Directions:
Report all lines of the records that contain "འཚམས".

Records provided:
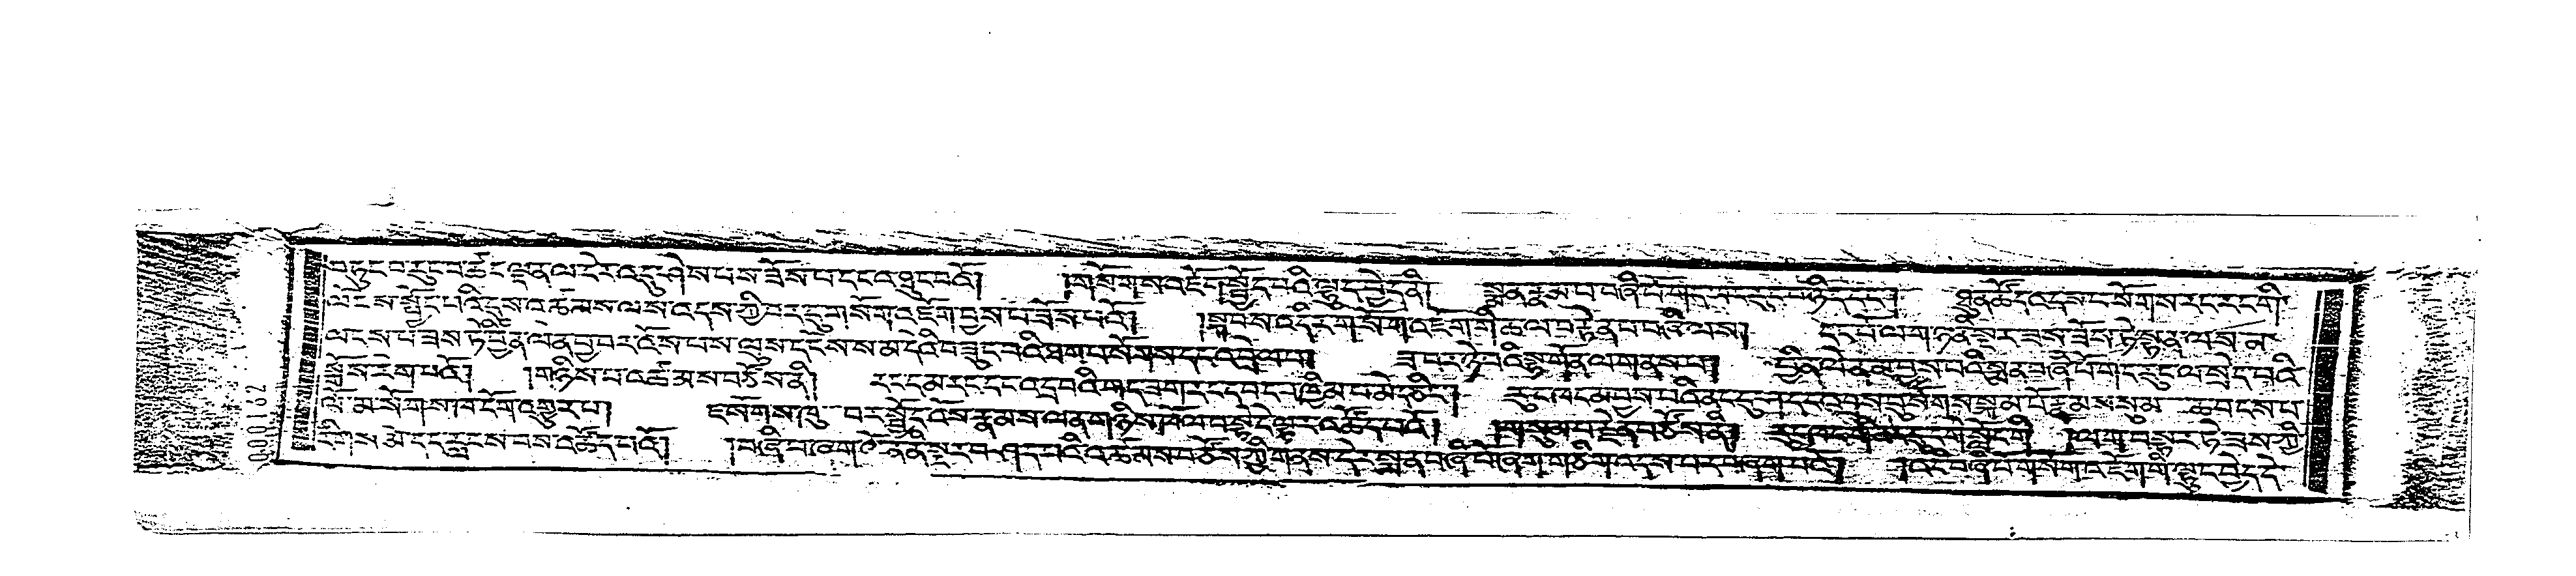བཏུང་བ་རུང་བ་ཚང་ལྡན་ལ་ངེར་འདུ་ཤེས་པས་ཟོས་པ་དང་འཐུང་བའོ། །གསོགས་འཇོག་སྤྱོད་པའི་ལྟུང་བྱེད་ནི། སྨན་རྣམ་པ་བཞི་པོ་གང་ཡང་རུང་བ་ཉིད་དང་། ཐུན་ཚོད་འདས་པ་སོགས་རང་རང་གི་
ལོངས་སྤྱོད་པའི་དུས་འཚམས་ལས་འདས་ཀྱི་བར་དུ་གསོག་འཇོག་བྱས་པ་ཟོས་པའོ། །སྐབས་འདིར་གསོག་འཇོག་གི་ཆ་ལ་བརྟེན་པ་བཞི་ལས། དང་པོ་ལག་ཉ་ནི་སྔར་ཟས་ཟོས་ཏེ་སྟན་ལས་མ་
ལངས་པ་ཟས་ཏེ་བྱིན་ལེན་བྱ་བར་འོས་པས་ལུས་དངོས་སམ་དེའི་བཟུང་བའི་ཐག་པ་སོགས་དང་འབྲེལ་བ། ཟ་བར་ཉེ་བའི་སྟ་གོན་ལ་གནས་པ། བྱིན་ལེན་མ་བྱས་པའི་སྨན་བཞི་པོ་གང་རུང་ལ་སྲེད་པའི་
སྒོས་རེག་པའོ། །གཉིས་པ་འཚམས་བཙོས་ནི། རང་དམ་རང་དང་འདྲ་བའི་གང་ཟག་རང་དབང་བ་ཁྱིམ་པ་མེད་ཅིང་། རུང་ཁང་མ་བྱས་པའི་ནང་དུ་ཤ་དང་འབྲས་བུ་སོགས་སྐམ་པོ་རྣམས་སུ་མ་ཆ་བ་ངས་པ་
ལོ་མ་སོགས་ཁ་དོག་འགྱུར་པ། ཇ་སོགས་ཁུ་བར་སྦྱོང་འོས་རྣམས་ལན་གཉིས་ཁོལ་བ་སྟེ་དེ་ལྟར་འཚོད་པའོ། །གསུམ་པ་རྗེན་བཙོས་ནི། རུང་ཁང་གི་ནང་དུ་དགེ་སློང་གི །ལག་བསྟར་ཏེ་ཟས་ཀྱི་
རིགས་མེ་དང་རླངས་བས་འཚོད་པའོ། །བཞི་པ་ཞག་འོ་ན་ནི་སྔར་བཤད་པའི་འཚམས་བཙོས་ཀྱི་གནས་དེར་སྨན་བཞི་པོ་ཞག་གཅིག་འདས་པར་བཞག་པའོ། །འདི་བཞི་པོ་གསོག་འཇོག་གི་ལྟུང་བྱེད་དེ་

Task answer:
ལོངས་སྤྱོད་པའི་དུས་འཚམས་ལས་འདས་ཀྱི་བར་དུ་གསོག་འཇོག་བྱས་པ་ཟོས་པའོ། །སྐབས་འདིར་གསོག་འཇོག་གི་ཆ་ལ་བརྟེན་པ་བཞི་ལས། དང་པོ་ལག་ཉ་ནི་སྔར་ཟས་ཟོས་ཏེ་སྟན་ལས་མ་
སྒོས་རེག་པའོ། །གཉིས་པ་འཚམས་བཙོས་ནི། རང་དམ་རང་དང་འདྲ་བའི་གང་ཟག་རང་དབང་བ་ཁྱིམ་པ་མེད་ཅིང་། རུང་ཁང་མ་བྱས་པའི་ནང་དུ་ཤ་དང་འབྲས་བུ་སོགས་སྐམ་པོ་རྣམས་སུ་མ་ཆ་བ་ངས་པ་
རིགས་མེ་དང་རླངས་བས་འཚོད་པའོ། །བཞི་པ་ཞག་འོ་ན་ནི་སྔར་བཤད་པའི་འཚམས་བཙོས་ཀྱི་གནས་དེར་སྨན་བཞི་པོ་ཞག་གཅིག་འདས་པར་བཞག་པའོ། །འདི་བཞི་པོ་གསོག་འཇོག་གི་ལྟུང་བྱེད་དེ་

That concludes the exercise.